Last Updated on 2021-04-01 by Clay
HanLp (Han Language Processing) is open-source project on Github, it provided many functions:
- Segmentation
- Part-of-Speech
- Named entity recognition
- Keyword extraction
- Text summarization
- Convert Traditional to Simplified
- Text recommendation
- Text classification
- Word2Vec
- ...
If you want to read more document of it, you can refer here: https://github.com/hankcs/HanLP
Or you want to take a demo: http://hanlp.com/
Preparation
pip3 install opencc-python-reimplemented
pip3 install pyhanlp
OpenCC is a tool I used to convert Traditional Chinese to Simplified Chinese, because it's effect is better than Traditional Chinese.
In fact, pyhanlp is a Python API to call HanLP which is pure Java. It need to download a model when you use it in first time.
Segmentation & POS
These two functions are used together in pyhanlp. Let's take a look of short sample code:
# -*- coding: utf-8 -*- from opencc import OpenCC from pyhanlp import * cc = OpenCC('tw2sp') text = '傅達仁今將執行安樂死,卻突然爆出自己20年前遭緯來體育台封殺,他不懂自己哪裡得罪到電視台。' text = cc.convert(text) # Tokenize print(HanLP.segment(text)) for term in HanLP.segment(text): print(term.word, term.nature)
Output:
[傅/nz, 达仁/ns, 今/tg, 将/d, 运行/vn, 安乐死/v, ,/w, 却/d, 突然/ad, 爆出/v, 自己/rr, 20/m, 年前/t, 遭/v, 纬/ng, 来/vf, 体育台/nz, 封杀/v, ,/w, 他/rr, 不懂/v, 自己/rr, 哪里/rys, 得罪/v, 到/v, 电视台/nis, 。/w]
傅 nz
达仁 ns
今 tg
将 d
运行 vn
安乐死 v
, w
却 d
突然 ad
爆出 v
自己 rr
20 m
年前 t
遭 v
纬 ng
来 vf
体育台 nz
封杀 v
, w
他 rr
不懂 v
自己 rr
哪里 rys
得罪 v
到 v
电视台 nis
。 w
Keywords extraction
You can give a short text and use HanLP.extractKeyword()
to get some keywords.
print(HanLP.extractKeyword(text, 5))
Output:
[体育台, 突然, 爆出, 纬, 年前]
Text summarization
This is a very interesting feature. According to my experience, longer text will be more effective.

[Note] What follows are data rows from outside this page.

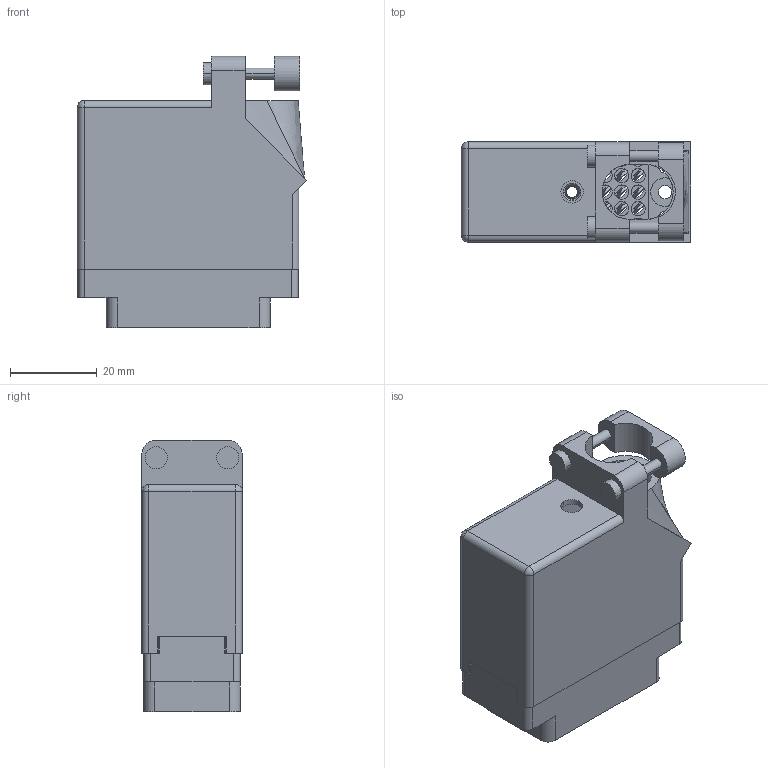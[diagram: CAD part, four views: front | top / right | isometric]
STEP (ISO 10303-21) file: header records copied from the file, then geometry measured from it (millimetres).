
FILE_DESCRIPTION (( 'STEP AP203' ), '1' );
FILE_NAME ('519-036-541-316.STEP', '2020-03-02T23:21:11', ( '' ), ( '' ), 'SwSTEP 2.0', 'SolidWorks 2016', '' );
FILE_SCHEMA (( 'CONFIG_CONTROL_DESIGN' ));
Length unit declared in the file: inch
Products named in the file (5): 516-252-035-100_516-252-035-100; 519 Plug Insulator_036; 519-036-541-316; 516-292-001_541 Contact; 516-230-001_Plastic - 038 Top Entry
Assembly tree (39 placements, depth 2):
  519-036-541-316
    519 Plug Insulator_036
    516-292-001_541 Contact  x36
    516-252-035-100_516-252-035-100
    516-230-001_Plastic - 038 Top Entry
Bounding box: 52.85 x 23.11 x 62.48 mm (x, y, z)
Volume: 21075.1 mm3; surface area: 32625.3 mm2
Topology: 39 solids, 39 shells, 3571 faces, 10321 edges, 6850 vertices
Faces by surface type: plane 2175, cylinder 1157, bspline 225, cone 12, sphere 2
Entity records: 38946 total; most frequent: CARTESIAN_POINT 8976, ORIENTED_EDGE 6078, DIRECTION 5864, EDGE_CURVE 3039, VECTOR 2194, LINE 2194, VERTEX_POINT 2020, AXIS2_PLACEMENT_3D 1835

print(HanLP.extractSummary(text, 6))
Output:
[他不懂自己哪里得罪到电视台]
The problem is that no matter how many number I set, it only display this sentence. It may be that there are no more sentence that can be summarized?
Dependency Parsing
Dependency Parsing is similar to Stanford CoreNLP.
print(HanLP.parseDependency(text))
Output:
1 傅达仁 傅达仁 nh nr _ 4 主谓关系 _ _
2 今 今 Tg Tg _ 4 状中结构 _ _
3 将 将 d d _ 4 状中结构 _ _
4 运行 运行 v v _ 0 核心关系 _ _
5 安乐死 安乐死 a a _ 4 动宾关系 _ _
6 , , wp w _ 4 标点符号 _ _
7 却 却 d d _ 9 状中结构 _ _
8 突然 突然 a ad _ 9 状中结构 _ _
9 爆出 爆出 v v _ 4 并列关系 _ _
10 自己 自己 r r _ 11 定中关系 _ _
11 20年前 20年前 nt t _ 12 状中结构 _ _
12 遭 遭 v v _ 9 动宾关系 _ _
13 纬来 纬来 v v _ 14 定中关系 _ _
14 体育台 体育台 n n _ 15 主谓关系 _ _
15 封杀 封杀 v v _ 12 动宾关系 _ _
16 , , wp w _ 9 标点符号 _ _
17 他 他 r r _ 19 主谓关系 _ _
18 不 不 d d _ 19 状中结构 _ _
19 懂 懂 v v _ 9 并列关系 _ _
20 自己 自己 r r _ 22 主谓关系 _ _
21 哪里 哪里 r r _ 22 状中结构 _ _
22 得罪 得罪 v v _ 19 动宾关系 _ _
23 到 到 v v _ 22 动补结构 _ _
24 电视台 电视台 n n _ 22 动宾关系 _ _
25 。 。 wp w _ 4 标点符号 _ _
Supplement
If you need more functions and pyhanlp doesn't currently have it, you can use JClass('HANLP_CLASS_PATH')
to call it. As for different functions, you may have to go to HanLP's Github to find them.